Metamath Proof Explorer

Definition df-zeroo

Description: An object A is called a zero object provided that it is both an initial object and a terminal object.
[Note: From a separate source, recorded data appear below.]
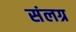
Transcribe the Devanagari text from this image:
संलग्र
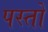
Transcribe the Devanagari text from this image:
पस्तो
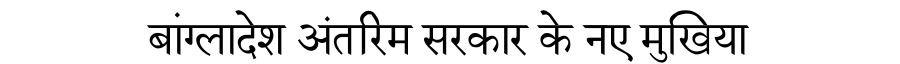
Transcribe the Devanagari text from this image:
बांग्लादेश अंतरिम सरकार के नए मुखिया
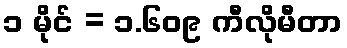
၁ မိုင် = ၁.၆၀၉ ကီလိုမီတာ

Definition 7.7 of Adamek p. 103. (Contributed by AV, 3-Apr-2020)

		Ref	Expression
	Assertion	df-zeroo	⊢ ZeroO = ( 𝑐 ∈ Cat ↦ ( ( InitO ‘ 𝑐 ) ∩ ( TermO ‘ 𝑐 ) ) )

Detailed syntax breakdown

Step	Hyp	Ref	Expression
0		czeroo	⊢ ZeroO
1		vc	⊢ 𝑐
2		ccat	⊢ Cat
3		cinito	⊢ InitO
4	1	cv	⊢ 𝑐
5	4 3	cfv	⊢ ( InitO ‘ 𝑐 )
6		ctermo	⊢ TermO
7	4 6	cfv	⊢ ( TermO ‘ 𝑐 )
8	5 7	cin	⊢ ( ( InitO ‘ 𝑐 ) ∩ ( TermO ‘ 𝑐 ) )
9	1 2 8	cmpt	⊢ ( 𝑐 ∈ Cat ↦ ( ( InitO ‘ 𝑐 ) ∩ ( TermO ‘ 𝑐 ) ) )
10	0 9	wceq	⊢ ZeroO = ( 𝑐 ∈ Cat ↦ ( ( InitO ‘ 𝑐 ) ∩ ( TermO ‘ 𝑐 ) ) )